ROMANCE HISTORIQUE — Diplômée d’une maîtrise d’Histoire d’une prestigieuse université anglaise, c’est pourtant outre Atlantique que Daisy Goodwin a choisi d’étudier le cinéma. Forte de ces deux formations, elle produit aujourd’hui des émissions télévisées et écrit des romans. Et vous avez sans doute entendu parler des deux puisqu’elle est à l’origine de la série éponyme sur Victoria et du livre qui en découle, que nous vous avons présentés ! Nous découvrons aujourd’hui son premier roman, intitulé La Dernière duchesse.
Cora est une jeune fille accomplie et choyée : elle est belle, pleine d’esprit et elle est l’héritière d’une fortune colossale. Mais sa mère rêve de la seule chose qu’elle ne pourra pas lui acheter en Amérique : un titre de noblesse. Envoyée à dessein de l’autre côté de l’Atlantique, Cora fait forte impression auprès de l’aristocratie anglaise. Rapidement, le hasard la met sur la route d’un bon parti : le beau et mystérieux duc de Wareham. Mais la jeune femme a tôt fait de déchanter. Ce monde impitoyable regorge de pièges et de trahisons susceptibles de provoquer la chute de cette délicieuse Américaine… Car son mari, sa belle-mère et nombre des gens qu’elle va désormais fréquenter vont se faire un plaisir de lui rappeler qu’elle n’est pas duchesse de naissance !
À l’image de son auteure, ce roman permet la rencontre fracassante entre les traditions de l’Angleterre et la modernité des États-Unis à la fin du XIXe siècle. Car il fut une époque où nombre de domaines de l’aristocratie anglaise tombaient en décrépitude faute d’argent. À côté de cela, quantité de familles américaines ont fait fortune à cette époque et ont cherché du côté de l’Ancien Continent une certaine forme de légitimité à travers des titres. Les mariages de ce genre ne furent donc pas rares tant la transaction bénéficiait aux 2 partis. Et ce livre illustre à merveille la quantité d’ajustements nécessaires à faire, notamment à cause des différences culturelles entre les deux nations. À travers la mère de Cora, par exemple, on voit bien toute la fascination qu’exerce la monarchie britannique sur une républicaine convaincue : c’est à la fois extrêmement intriguant et en même temps terriblement anti-démocratique pour quelqu’un qui n’a connu que le système américain.

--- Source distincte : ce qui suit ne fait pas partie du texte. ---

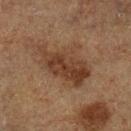biopsy_status: not biopsied; imaged during a skin examination
patient:
  sex: male
  age_approx: 75
lighting: cross-polarized
image:
  source: total-body photography crop
  field_of_view_mm: 15
site: left lower leg
lesion_size:
  long_diameter_mm_approx: 7.5
automated_metrics:
  area_mm2_approx: 20.0
  eccentricity: 0.8
  shape_asymmetry: 0.3
  vs_skin_darker_L: 8.0
  vs_skin_contrast_norm: 8.0
  border_irregularity_0_10: 4.5
  color_variation_0_10: 5.0
  peripheral_color_asymmetry: 2.0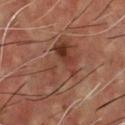Q: Was a biopsy performed?
A: no biopsy performed (imaged during a skin exam)
Q: What is the imaging modality?
A: ~15 mm tile from a whole-body skin photo
Q: What is the anatomic site?
A: the chest
Q: Patient demographics?
A: male, aged 53 to 57
Q: How large is the lesion?
A: ~7 mm (longest diameter)
Q: Illumination type?
A: cross-polarized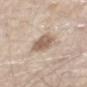This lesion was catalogued during total-body skin photography and was not selected for biopsy.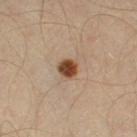- follow-up: no biopsy performed (imaged during a skin exam)
- lighting: cross-polarized illumination
- site: the leg
- diameter: about 2.5 mm
- imaging modality: total-body-photography crop, ~15 mm field of view
- subject: male, approximately 40 years of age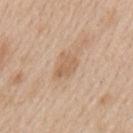biopsy status: catalogued during a skin exam; not biopsied
anatomic site: the mid back
automated lesion analysis: an outline eccentricity of about 0.75 (0 = round, 1 = elongated) and a symmetry-axis asymmetry near 0.3; a mean CIELAB color near L≈61 a*≈18 b*≈33, a lesion–skin lightness drop of about 8, and a normalized lesion–skin contrast near 6; a border-irregularity rating of about 3/10, a color-variation rating of about 2/10, and peripheral color asymmetry of about 1; a nevus-likeness score of about 10/100 and a detector confidence of about 100 out of 100 that the crop contains a lesion
patient: male, about 60 years old
imaging modality: 15 mm crop, total-body photography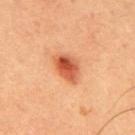Case summary:
* follow-up: catalogued during a skin exam; not biopsied
* automated metrics: a shape eccentricity near 0.75
* subject: male, aged 63–67
* site: the back
* image: ~15 mm tile from a whole-body skin photo
* size: ≈4 mm
* illumination: cross-polarized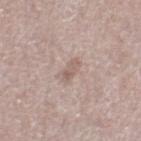Recorded during total-body skin imaging; not selected for excision or biopsy. Longest diameter approximately 2.5 mm. From the leg. Cropped from a total-body skin-imaging series; the visible field is about 15 mm. A female patient aged around 65.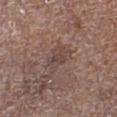Q: Was this lesion biopsied?
A: total-body-photography surveillance lesion; no biopsy
Q: What is the anatomic site?
A: the left lower leg
Q: How was this image acquired?
A: ~15 mm crop, total-body skin-cancer survey
Q: Who is the patient?
A: male, roughly 70 years of age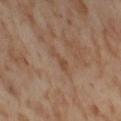Part of a total-body skin-imaging series; this lesion was reviewed on a skin check and was not flagged for biopsy. A 15 mm close-up extracted from a 3D total-body photography capture. A female patient, in their mid-50s. This is a cross-polarized tile. The recorded lesion diameter is about 3 mm. Automated image analysis of the tile measured internal color variation of about 0.5 on a 0–10 scale and radial color variation of about 0. Located on the right thigh.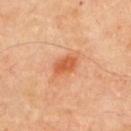Part of a total-body skin-imaging series; this lesion was reviewed on a skin check and was not flagged for biopsy.
Cropped from a total-body skin-imaging series; the visible field is about 15 mm.
The lesion is located on the upper back.
A male patient, in their mid-50s.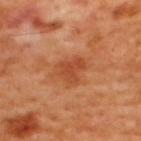Recorded during total-body skin imaging; not selected for excision or biopsy.
Automated image analysis of the tile measured an average lesion color of about L≈48 a*≈30 b*≈39 (CIELAB), roughly 8 lightness units darker than nearby skin, and a normalized lesion–skin contrast near 6.5. It also reported a border-irregularity index near 4/10 and a peripheral color-asymmetry measure near 1. And it measured an automated nevus-likeness rating near 30 out of 100 and a detector confidence of about 100 out of 100 that the crop contains a lesion.
A roughly 15 mm field-of-view crop from a total-body skin photograph.
This is a cross-polarized tile.
The lesion is on the upper back.
Longest diameter approximately 4 mm.
A male patient, aged 48 to 52.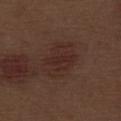Clinical impression:
This lesion was catalogued during total-body skin photography and was not selected for biopsy.
Image and clinical context:
The recorded lesion diameter is about 5 mm. The tile uses white-light illumination. A close-up tile cropped from a whole-body skin photograph, about 15 mm across. A male patient approximately 70 years of age. The lesion is located on the leg.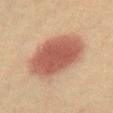Assessment:
No biopsy was performed on this lesion — it was imaged during a full skin examination and was not determined to be concerning.
Acquisition and patient details:
Captured under cross-polarized illumination. The lesion is located on the abdomen. The patient is a female aged 38 to 42. This image is a 15 mm lesion crop taken from a total-body photograph. Approximately 8 mm at its widest.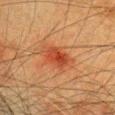Recorded during total-body skin imaging; not selected for excision or biopsy. Cropped from a whole-body photographic skin survey; the tile spans about 15 mm. On the head or neck. A female subject, in their mid-50s. Approximately 3.5 mm at its widest. This is a cross-polarized tile.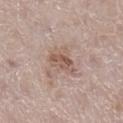follow-up: no biopsy performed (imaged during a skin exam)
lighting: white-light
size: ≈3.5 mm
image source: total-body-photography crop, ~15 mm field of view
TBP lesion metrics: a lesion area of about 7 mm², an outline eccentricity of about 0.7 (0 = round, 1 = elongated), and a shape-asymmetry score of about 0.3 (0 = symmetric)
body site: the leg
patient: female, aged around 50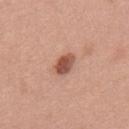Impression:
Part of a total-body skin-imaging series; this lesion was reviewed on a skin check and was not flagged for biopsy.
Clinical summary:
A 15 mm crop from a total-body photograph taken for skin-cancer surveillance. Measured at roughly 3 mm in maximum diameter. Captured under white-light illumination. The lesion is located on the upper back. The lesion-visualizer software estimated a lesion–skin lightness drop of about 15 and a normalized lesion–skin contrast near 10. It also reported border irregularity of about 2 on a 0–10 scale and a within-lesion color-variation index near 3.5/10. The analysis additionally found a classifier nevus-likeness of about 85/100 and a detector confidence of about 100 out of 100 that the crop contains a lesion. A female patient, aged 38 to 42.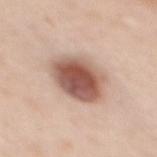Clinical impression: Recorded during total-body skin imaging; not selected for excision or biopsy. Clinical summary: From the back. The subject is a female approximately 50 years of age. Approximately 5 mm at its widest. A 15 mm close-up extracted from a 3D total-body photography capture. Captured under white-light illumination.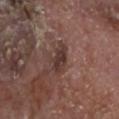biopsy_status: not biopsied; imaged during a skin examination
automated_metrics:
  cielab_L: 36
  cielab_a: 18
  cielab_b: 20
  vs_skin_darker_L: 10.0
  vs_skin_contrast_norm: 8.5
  border_irregularity_0_10: 4.0
  color_variation_0_10: 2.5
  peripheral_color_asymmetry: 1.0
patient:
  sex: male
  age_approx: 80
site: head or neck
lighting: white-light
image:
  source: total-body photography crop
  field_of_view_mm: 15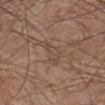| field | value |
|---|---|
| notes | no biopsy performed (imaged during a skin exam) |
| patient | male, aged approximately 60 |
| size | ~3.5 mm (longest diameter) |
| image source | ~15 mm tile from a whole-body skin photo |
| lighting | white-light |
| body site | the right lower leg |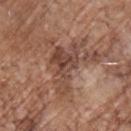Q: Was a biopsy performed?
A: catalogued during a skin exam; not biopsied
Q: Where on the body is the lesion?
A: the chest
Q: What are the patient's age and sex?
A: male, roughly 70 years of age
Q: How was this image acquired?
A: ~15 mm tile from a whole-body skin photo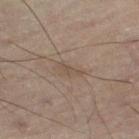Recorded during total-body skin imaging; not selected for excision or biopsy.
A male subject, aged approximately 60.
A lesion tile, about 15 mm wide, cut from a 3D total-body photograph.
From the left thigh.
Automated image analysis of the tile measured a within-lesion color-variation index near 0/10 and peripheral color asymmetry of about 0. It also reported an automated nevus-likeness rating near 0 out of 100.
Captured under cross-polarized illumination.
About 3 mm across.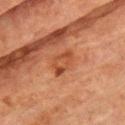workup — catalogued during a skin exam; not biopsied
subject — male, about 75 years old
anatomic site — the chest
diameter — about 3.5 mm
image — 15 mm crop, total-body photography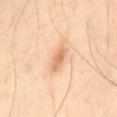{"biopsy_status": "not biopsied; imaged during a skin examination", "site": "front of the torso", "image": {"source": "total-body photography crop", "field_of_view_mm": 15}, "automated_metrics": {"vs_skin_darker_L": 10.0, "vs_skin_contrast_norm": 6.5, "border_irregularity_0_10": 2.5, "color_variation_0_10": 2.0, "peripheral_color_asymmetry": 0.5, "nevus_likeness_0_100": 60, "lesion_detection_confidence_0_100": 100}, "lighting": "cross-polarized", "patient": {"sex": "male", "age_approx": 65}}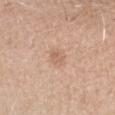Assessment: Imaged during a routine full-body skin examination; the lesion was not biopsied and no histopathology is available. Context: From the head or neck. About 2.5 mm across. The lesion-visualizer software estimated a lesion color around L≈63 a*≈19 b*≈31 in CIELAB, a lesion–skin lightness drop of about 7, and a normalized lesion–skin contrast near 5. It also reported a border-irregularity index near 1.5/10, a within-lesion color-variation index near 2/10, and a peripheral color-asymmetry measure near 0.5. And it measured an automated nevus-likeness rating near 5 out of 100 and lesion-presence confidence of about 100/100. Cropped from a total-body skin-imaging series; the visible field is about 15 mm. A male patient in their 30s.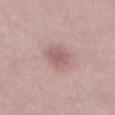The lesion was tiled from a total-body skin photograph and was not biopsied. A male patient aged 28–32. A 15 mm crop from a total-body photograph taken for skin-cancer surveillance. The total-body-photography lesion software estimated a mean CIELAB color near L≈58 a*≈21 b*≈19, roughly 10 lightness units darker than nearby skin, and a normalized border contrast of about 6.5. The software also gave a lesion-detection confidence of about 100/100. The lesion's longest dimension is about 4 mm. Imaged with white-light lighting.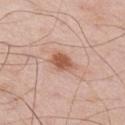Captured during whole-body skin photography for melanoma surveillance; the lesion was not biopsied.
A roughly 15 mm field-of-view crop from a total-body skin photograph.
The lesion is on the right upper arm.
Imaged with white-light lighting.
The lesion-visualizer software estimated a footprint of about 6 mm² and two-axis asymmetry of about 0.2. It also reported a border-irregularity rating of about 2/10 and peripheral color asymmetry of about 1.
A male patient, aged 63 to 67.
Approximately 3.5 mm at its widest.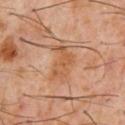Notes:
* follow-up: no biopsy performed (imaged during a skin exam)
* acquisition: ~15 mm tile from a whole-body skin photo
* diameter: ≈5 mm
* patient: male, about 60 years old
* site: the chest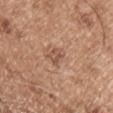A male patient, roughly 55 years of age. A 15 mm crop from a total-body photograph taken for skin-cancer surveillance. The lesion is on the left upper arm.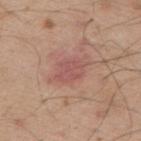site = the upper back; acquisition = ~15 mm crop, total-body skin-cancer survey; subject = male, roughly 55 years of age.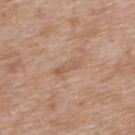follow-up: total-body-photography surveillance lesion; no biopsy | imaging modality: ~15 mm crop, total-body skin-cancer survey | body site: the upper back | patient: female, in their 40s | automated lesion analysis: roughly 7 lightness units darker than nearby skin and a lesion-to-skin contrast of about 5 (normalized; higher = more distinct); an automated nevus-likeness rating near 0 out of 100 and lesion-presence confidence of about 100/100 | lesion diameter: ≈3.5 mm.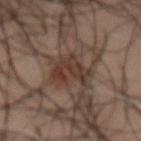workup: no biopsy performed (imaged during a skin exam) | automated metrics: a lesion color around L≈34 a*≈16 b*≈22 in CIELAB, roughly 9 lightness units darker than nearby skin, and a lesion-to-skin contrast of about 8.5 (normalized; higher = more distinct); a lesion-detection confidence of about 75/100 | body site: the front of the torso | size: ~4.5 mm (longest diameter) | lighting: cross-polarized | acquisition: ~15 mm crop, total-body skin-cancer survey | patient: male, about 65 years old.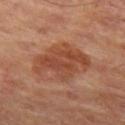Notes:
– diameter · ≈6.5 mm
– tile lighting · cross-polarized illumination
– automated lesion analysis · a mean CIELAB color near L≈45 a*≈24 b*≈32, a lesion–skin lightness drop of about 9, and a normalized border contrast of about 7
– acquisition · ~15 mm tile from a whole-body skin photo
– patient · in their mid-60s
– body site · the left thigh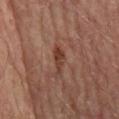notes=imaged on a skin check; not biopsied
image=15 mm crop, total-body photography
lesion size=≈4.5 mm
TBP lesion metrics=a footprint of about 4.5 mm² and an eccentricity of roughly 0.95; an average lesion color of about L≈38 a*≈22 b*≈27 (CIELAB), roughly 8 lightness units darker than nearby skin, and a normalized border contrast of about 7.5
location=the mid back
patient=male, roughly 65 years of age
illumination=cross-polarized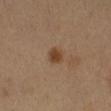follow-up: no biopsy performed (imaged during a skin exam)
subject: male, aged approximately 50
automated metrics: a lesion area of about 4 mm² and a shape-asymmetry score of about 0.1 (0 = symmetric); a border-irregularity rating of about 1/10, internal color variation of about 2 on a 0–10 scale, and a peripheral color-asymmetry measure near 0.5; a lesion-detection confidence of about 100/100
tile lighting: cross-polarized illumination
acquisition: ~15 mm tile from a whole-body skin photo
lesion diameter: about 2.5 mm
body site: the left arm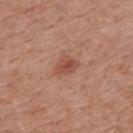biopsy status: catalogued during a skin exam; not biopsied | size: ~2.5 mm (longest diameter) | lighting: white-light illumination | TBP lesion metrics: a footprint of about 4.5 mm² and an eccentricity of roughly 0.7; a detector confidence of about 100 out of 100 that the crop contains a lesion | body site: the upper back | patient: male, about 55 years old | imaging modality: total-body-photography crop, ~15 mm field of view.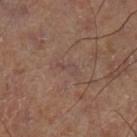This lesion was catalogued during total-body skin photography and was not selected for biopsy.
This image is a 15 mm lesion crop taken from a total-body photograph.
The total-body-photography lesion software estimated a footprint of about 2 mm², an outline eccentricity of about 0.9 (0 = round, 1 = elongated), and two-axis asymmetry of about 0.5. And it measured a mean CIELAB color near L≈45 a*≈18 b*≈21, roughly 5 lightness units darker than nearby skin, and a normalized border contrast of about 5. It also reported a border-irregularity index near 6/10, internal color variation of about 0 on a 0–10 scale, and radial color variation of about 0.
Approximately 2.5 mm at its widest.
On the left lower leg.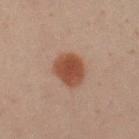Recorded during total-body skin imaging; not selected for excision or biopsy. A 15 mm close-up extracted from a 3D total-body photography capture. A male subject roughly 50 years of age. Located on the left upper arm.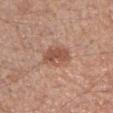Q: Was a biopsy performed?
A: imaged on a skin check; not biopsied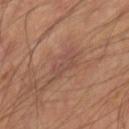workup — imaged on a skin check; not biopsied
diameter — ≈3.5 mm
lighting — cross-polarized
body site — the arm
subject — in their mid- to late 50s
image source — 15 mm crop, total-body photography
automated lesion analysis — a shape eccentricity near 0.8 and two-axis asymmetry of about 0.4; a lesion color around L≈47 a*≈20 b*≈25 in CIELAB and a lesion-to-skin contrast of about 5 (normalized; higher = more distinct); an automated nevus-likeness rating near 0 out of 100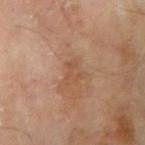The lesion was tiled from a total-body skin photograph and was not biopsied. A 15 mm close-up extracted from a 3D total-body photography capture. The lesion's longest dimension is about 3 mm. A male subject, aged around 65. From the right upper arm.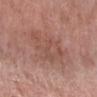Part of a total-body skin-imaging series; this lesion was reviewed on a skin check and was not flagged for biopsy. About 8 mm across. Automated tile analysis of the lesion measured roughly 8 lightness units darker than nearby skin and a normalized lesion–skin contrast near 5.5. The patient is a female in their mid- to late 60s. This is a white-light tile. A 15 mm crop from a total-body photograph taken for skin-cancer surveillance. The lesion is on the right forearm.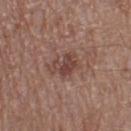follow-up: no biopsy performed (imaged during a skin exam); subject: male, aged 68–72; location: the leg; image: ~15 mm crop, total-body skin-cancer survey.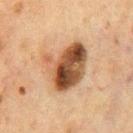Findings:
* lesion diameter: ~6 mm (longest diameter)
* body site: the chest
* lighting: cross-polarized illumination
* acquisition: ~15 mm crop, total-body skin-cancer survey
* subject: male, aged approximately 75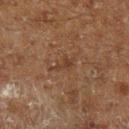Captured during whole-body skin photography for melanoma surveillance; the lesion was not biopsied. The lesion is located on the left lower leg. This is a cross-polarized tile. A region of skin cropped from a whole-body photographic capture, roughly 15 mm wide. A male patient, approximately 60 years of age. Longest diameter approximately 3 mm. Automated image analysis of the tile measured a shape eccentricity near 0.85 and a symmetry-axis asymmetry near 0.4. And it measured a lesion-detection confidence of about 100/100.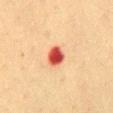A female patient, about 40 years old. Cropped from a total-body skin-imaging series; the visible field is about 15 mm. On the mid back. This is a cross-polarized tile. Longest diameter approximately 3 mm.

L’autre force de ce roman, ce sont les petits détails sur le quotidien de l’époque, distillés avec parcimonie tout au long du récit. On y découvre l’étiquette en vigueur dans les années 1890 en Angleterre, le racisme latent en Amérique ou bien encore le dessous des réceptions de l’époque. Les informations sont toujours placées avec justesse et subtilité et c’est très plaisant d’en apprendre plus de cette manière ! C’est notamment le cas quand on suit Bertha, la femme de chambre de Cora. Femme de couleur et isolée loin de sa famille, la jeune femme est également mise à l’écart des autres domestiques en Angleterre. C’est l’occasion rêvée d’observer les différences de moeurs entre les deux nations.
Contrairement à ce que pourrait laisser croire le résumé, ce n’est pas une histoire d’amour complètement niaise que Daisy Goodwin nous livre là. En effet, l’héroïne a un sacré caractère qui permet de s’affranchir de toutes ces considérations. Elle frôlerait même l’adjectif imbuvable au début du livre tant elle est sûre de pouvoir s’acheter son bon droit avec la fortune familiale. La première partie du livre joue d’ailleurs sur ce tableau : les descriptions et l’étalage de richesse sont à la limite de l’indécence. Et puis ses doutes, ses espoirs et sa jeunesse finissent assez vite par transparaître pour nous rendre Cora attachante. Les émotions de la seconde moitié prennent le pas sur le luxe et se révèlent tout à fait justes. Car la pauvre duchesse s’est peut-être acheté un titre, mais a priori pas le bonheur qui va avec. Et c’est sous des pierres précieuses et des étoffes soyeuses qu’elle va tenter de dissimuler son chagrin.
C’est donc un roman qui dépeint la collision entre l’ancien et le nouveau monde, entre les États-Unis et l’Amérique. Le récit est porté à bout de bras par une héroïne tour à tour agaçante et touchante, qui se dévoile de plus en plus, bien loin des clichés attendus. Si vous aimez les romans historiques, intéressez vous donc à ce titre !
La Dernière duchesse, Daisy Goodwin. Traduit de l’anglais (Grande-Bretagne) par Nine Cordier. Hauteville, réédition juin 2020.